Five Steps to Ideating Your Way Forward

Ideation is the process of generating as many ideas as possible to come up with potential solutions. For many, it is an intimidating and overwhelming process that keeps them from making progress in their life design.

 

Here are five steps to guide you through the ideation process:

1. Frame a good problem

It can be hard to start the ideation process if you’re starting with the wrong question. To get good ideas, frame your problem well. After all, if you start with a poorly framed problem, you’re left with a weak base to build ideas upon.

What exactly makes a good problem, though? A good problem is neither too broad nor too specific and is open-ended. Make sure that the problem’s parameters are well defined and articulated.

2. Warm-up physically

The key to ideation is to generate as many ideas as possible. But how often have you tried to come up with ideas, only to find yourself drawing a blank? We often struggle to produce ideas because the analytical part of our brain is continuously judging everything we come up with. This step prepares us for creativity by quieting that part of our brain.

The state we’re looking to achieve is called transient hypofrontality, a state in which our brains are scientifically proven to be at their most creative. Moving to this state helps us ideate without fear, embarrassment, or worry about judgment. By entering this state, we are preparing ourselves to create an assortment of original solutions novel ideas.

A great way to induce this is through physical movement. Try shaking your left hand above your head, counting down from seven aloud. Now do the same with your right hand and both feet to get feeling more relaxed and ready to ideate!

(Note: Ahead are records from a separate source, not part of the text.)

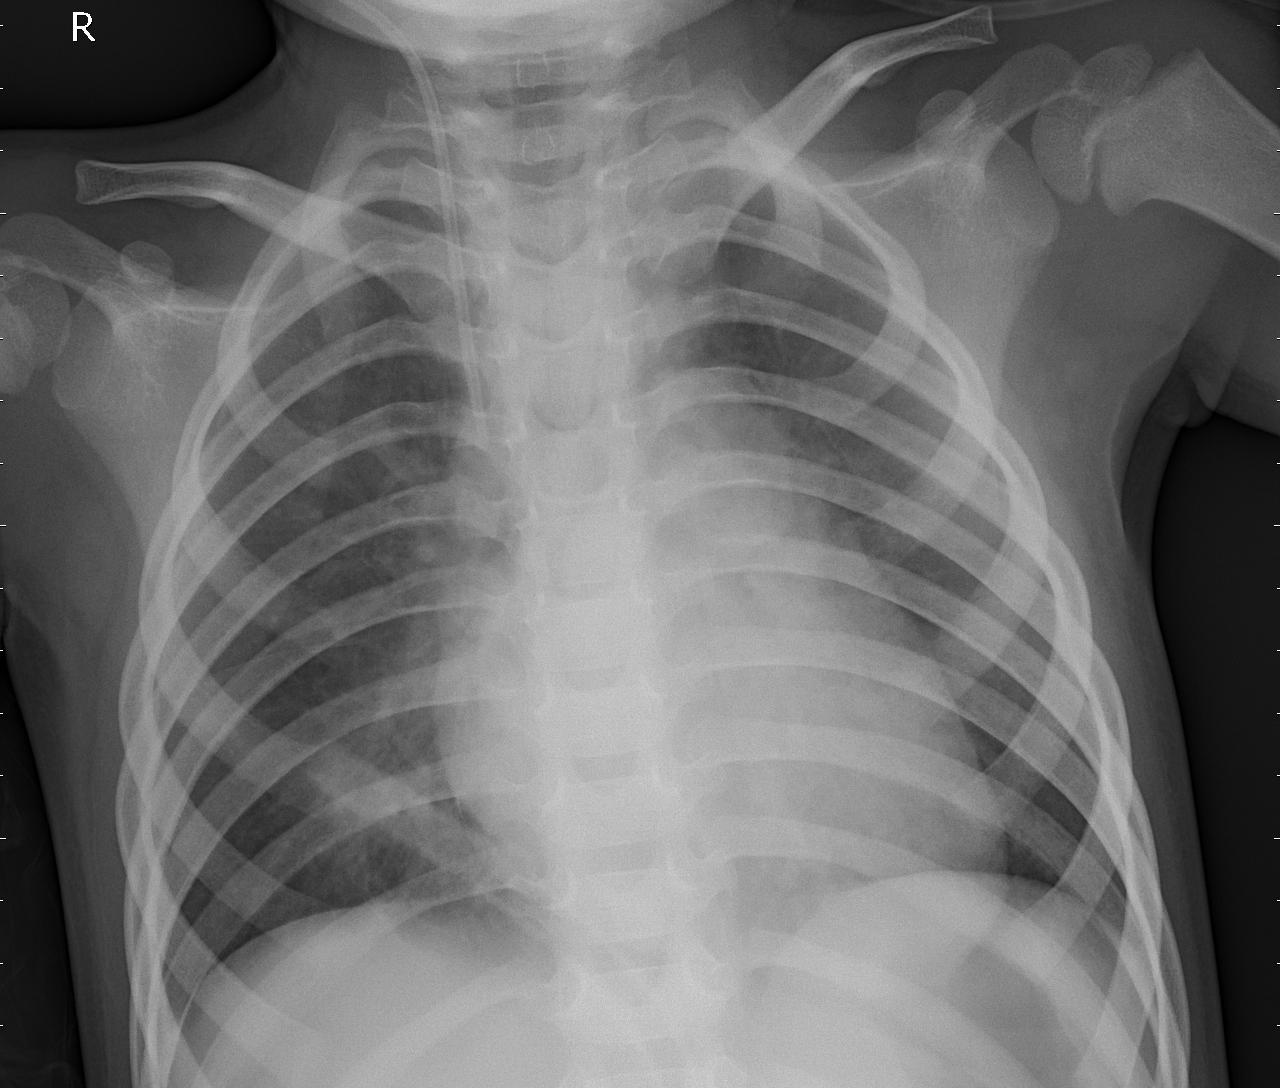
Diagnosis: PNEUMONIA
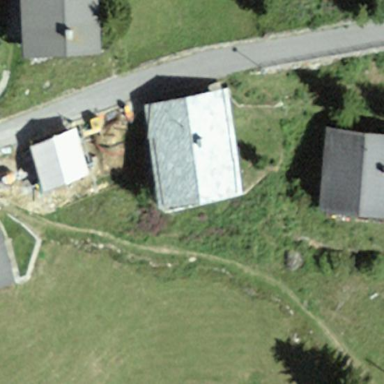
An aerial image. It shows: Residential building with gabled roof.
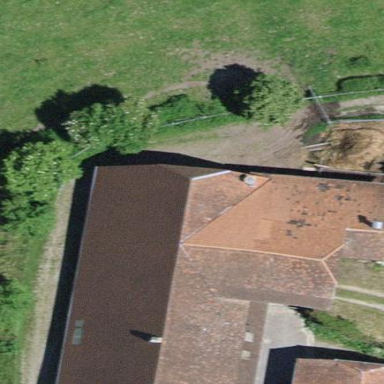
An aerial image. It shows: Farm building.
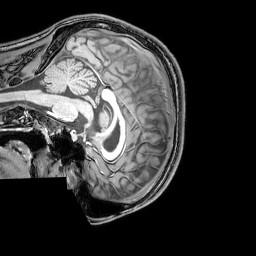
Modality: T1w
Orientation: sagittal
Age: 22
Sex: male
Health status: healthy
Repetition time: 0.081 s
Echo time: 0.037 s
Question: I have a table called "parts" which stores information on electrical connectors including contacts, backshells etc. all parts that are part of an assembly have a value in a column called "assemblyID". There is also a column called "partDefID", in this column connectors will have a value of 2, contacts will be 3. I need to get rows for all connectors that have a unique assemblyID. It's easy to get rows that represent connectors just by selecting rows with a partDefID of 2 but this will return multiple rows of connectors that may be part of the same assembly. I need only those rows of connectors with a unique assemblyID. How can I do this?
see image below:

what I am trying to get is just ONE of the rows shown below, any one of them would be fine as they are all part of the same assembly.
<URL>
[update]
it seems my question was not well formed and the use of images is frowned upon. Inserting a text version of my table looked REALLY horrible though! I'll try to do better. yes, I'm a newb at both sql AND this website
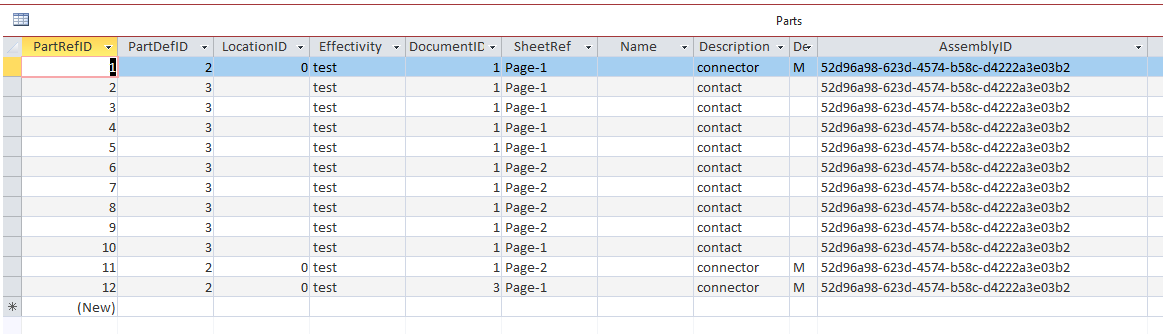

3. Go for quantity, not quality

Remember, we’re not judging our ideas at this stage. Here, no idea is a bad idea, so try to come up with as many as possible. The goal is quantity over quality because we want to keep the flow of ideas going. Don’t worry about how crazy or silly an idea may be. After all, the wilder the idea, the better to help you break out of the box and spark innovation!

You should work with others and build upon ideas in teams if possible. Outside help gets us to places we wouldn’t have gone to on our own. Take the lead from companies like Apple and Google and create a community idea board. Place a board in an interstitial place and write your problem on top. It’s a great way to crowdsource ideas from a diverse profile of individuals and involve those who are more introverted. If you’re stuck and looking for a dedicated community to radically collaborate with, check out the Designing Your Life Workshops.

4. Organize ideas

Now that you hopefully have an extensive collection of ideas, organize your list by grouping, combining, and selecting the generated ideas to further develop them. By the end, you should be able to extract insights that lead your next action. The ultimate goal is not to develop a perfect idea but rather to develop some good ideas to prototype.

5. Cull and prototype ideas

Now is the time to cull the ideas and come up with a shortlist. Having selection criteria, such as making sure the idea is relevant or inspirational, will help you identify and select the best solutions. Testing each idea (via informational interviews, volunteer work, shadowing, etc.) serves as a guidepost to know you’re headed in the right direction.

 

You may not always find the answer to your initial problem right away. This process may reveal that you need to redefine your problem, that you need to have another more focused ideation session with a more diverse group of individuals, or that you need more disciplined ideation sessions.